Tentu saja Tuhan sangat mengerti apa yang anda komunikasikan dalam bahasa apapun itu, masalahnya adalah jika anda sendiri tidak tahu apa yang anda pinta lalu anda berharap Tuhan mengabulkannya???? Guru saya mengatakan ‘kalau kamu berdoa dalam bahasa arab yang kamu tidak mengerti, itu kedengaran seperti orang bergumam hmm.. hmm.. atau nye..nye..nye.. apa yang kau omongkan, kalau bicara sama Tuhan bicaralah yang mesra! pakai bahasa ibu-mu (bahasa yang kau gunakan sehari hari yang pasti kau mengerti!)

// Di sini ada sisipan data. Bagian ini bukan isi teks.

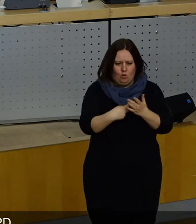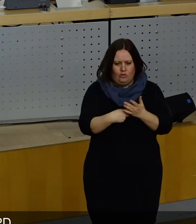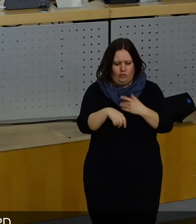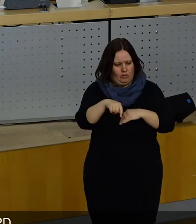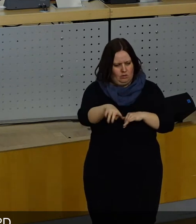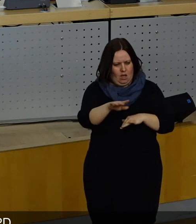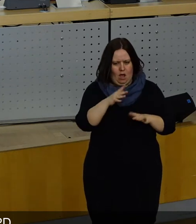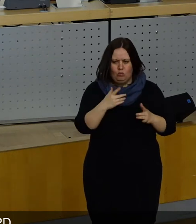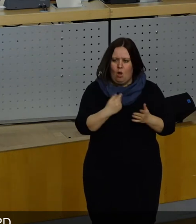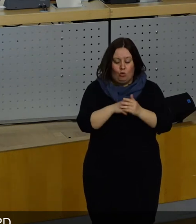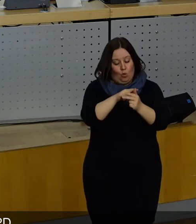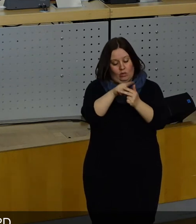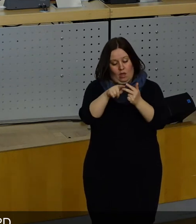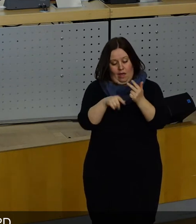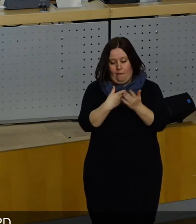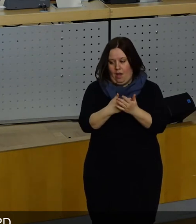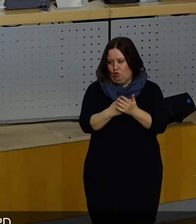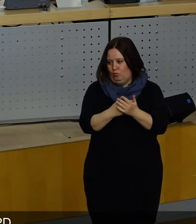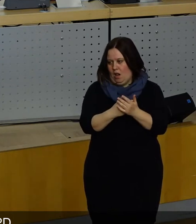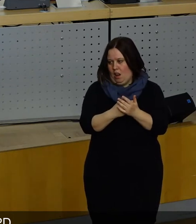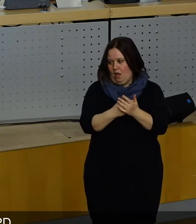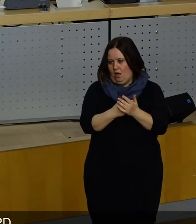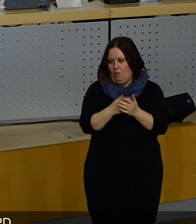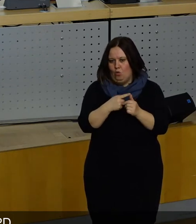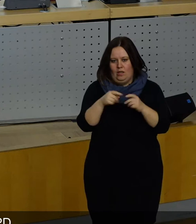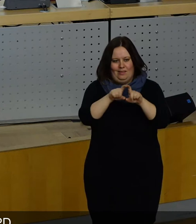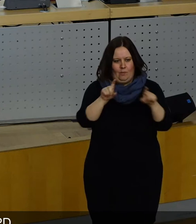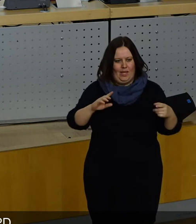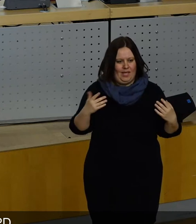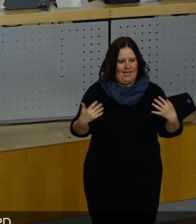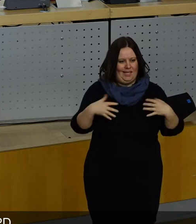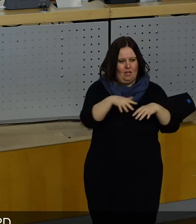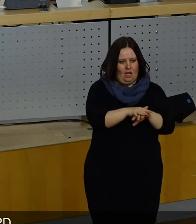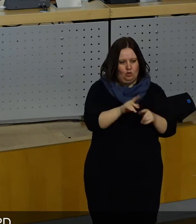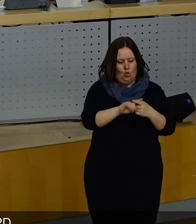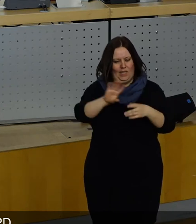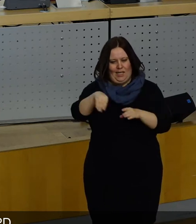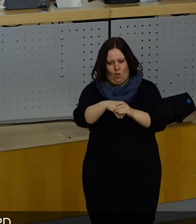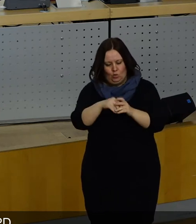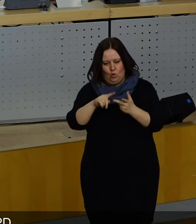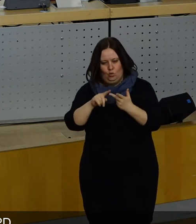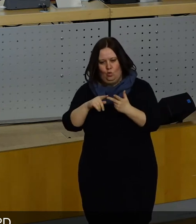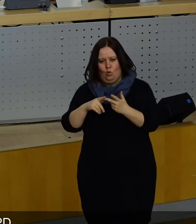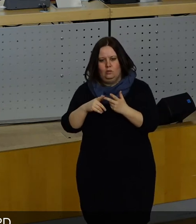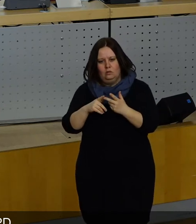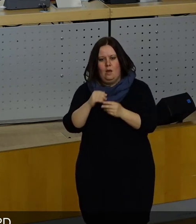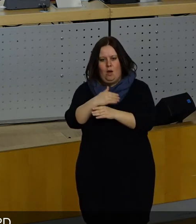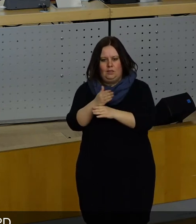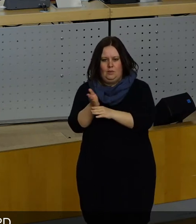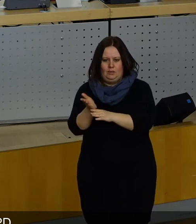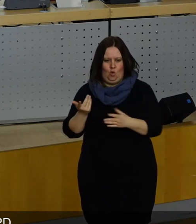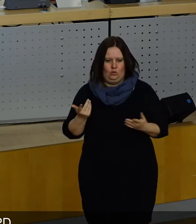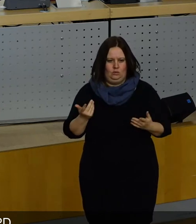von denen wir stehen, und ich möchte jetzt nur drei beispielhaft nennen, das Thema Integration, das Thema Inklusion und das Thema Partizipation,
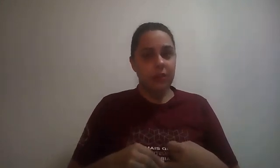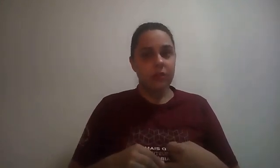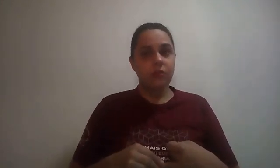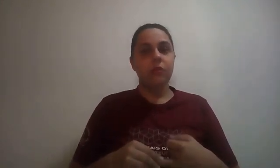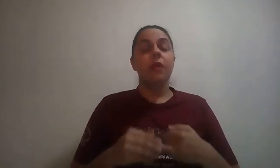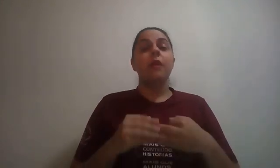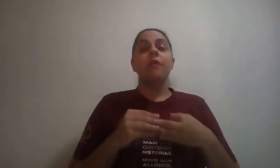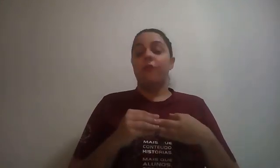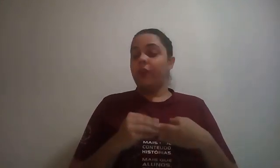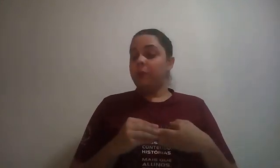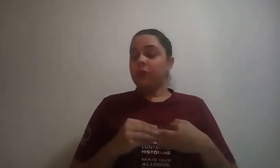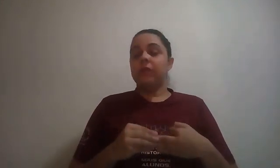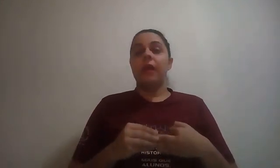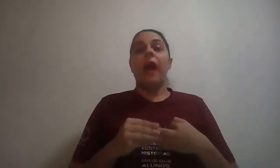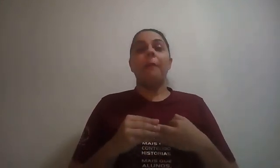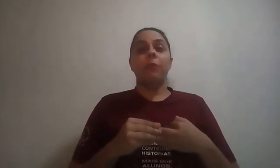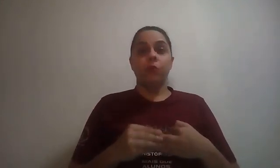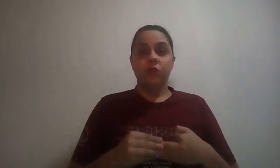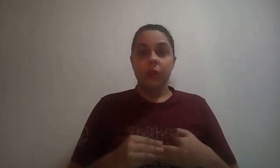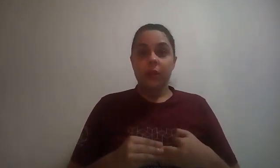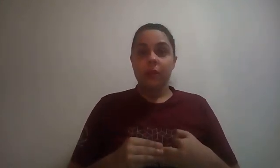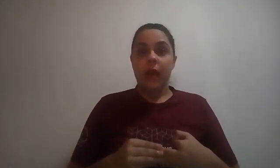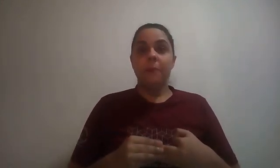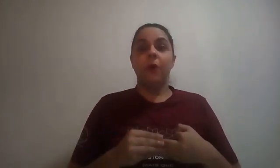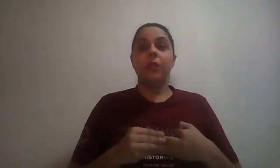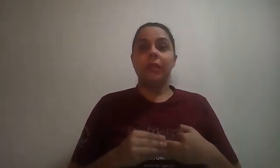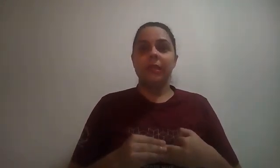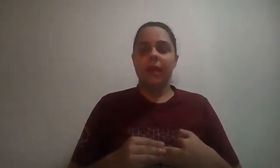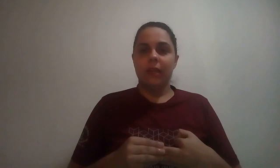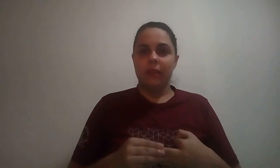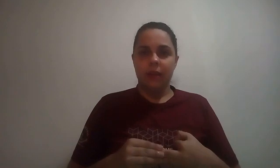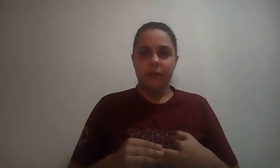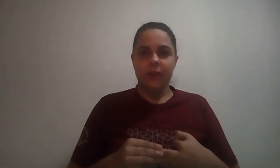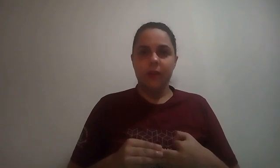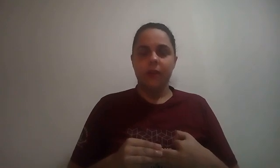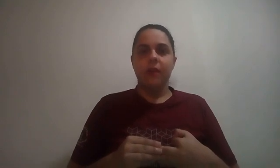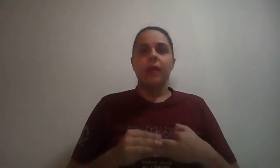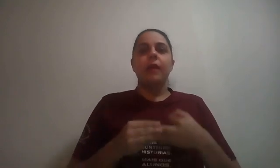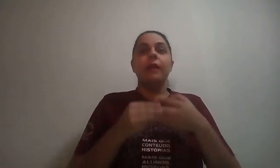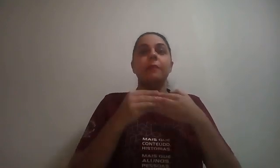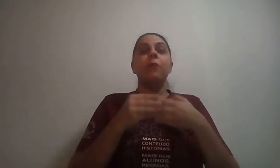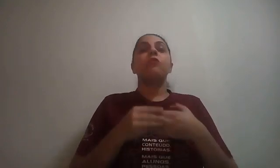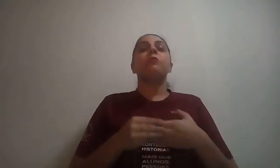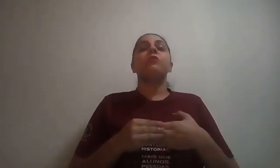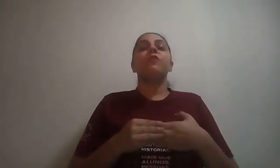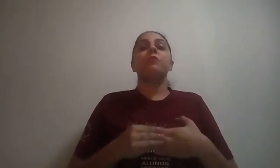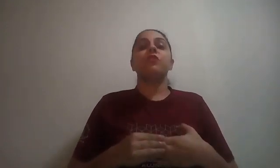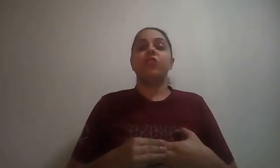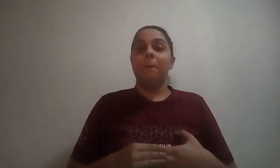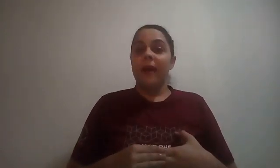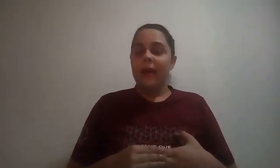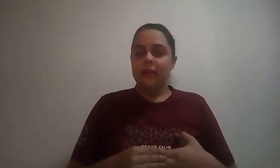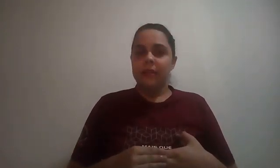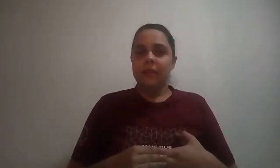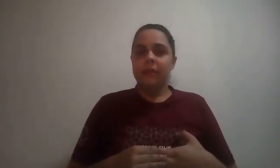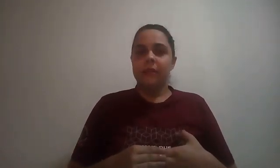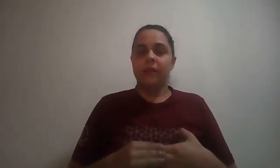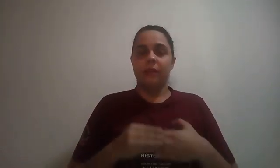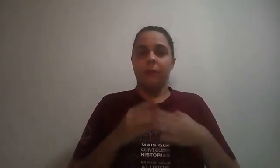isso? Vimos a bússola, a importância que ela teve e, por último, vimos o GPS. Então,

Dalam suatu seminar motivasi bisnis yang pernah saya ikuti, si pembicara yang telah kaya raya menjadi pengusaha sukses dan memiliki banyak bidang usaha mengatakan ‘Tuhan itu transaksional, jadi kalau anda meminta kepada Tuhan mintalah yang jelas, jangan hanya sekedar Rabbana atina fiddunnya hasanah… terlalu global, bicaralah yang transaksional semisal oh Tuhan.. mobil Mercedes baru yang seri S itu cakep banget Tuhan.., membuat saya tergila gila, mau dong Tuhan.. tolonglah Tuhan kasi saya satu yang warna abu-abu..’. Ternyata selain harus mengerti pinta yang kita panjatkan agaknya harus jelas dan detil sebagaimana yang sebenarnya kita butuhkan agar Tuhan mengabulkan persis sesuai keinginan pinta kita. Abang saya bahkan pernah menunjukkan cara ’meminta’ yang sangat jelas dengan berkata ’bila kau ingin mobil seperti yang ada di majalah itu, ambil gambarnya dan mintalah kepada TUHAN dan tunjukkan gambarnya, TUHAN.. aku mau mobil yang seperti ini.. Tolonglah beri aku yang seperti ini TUHAN.. sambil jari yang menunjuk pada gambar mobil tersebut.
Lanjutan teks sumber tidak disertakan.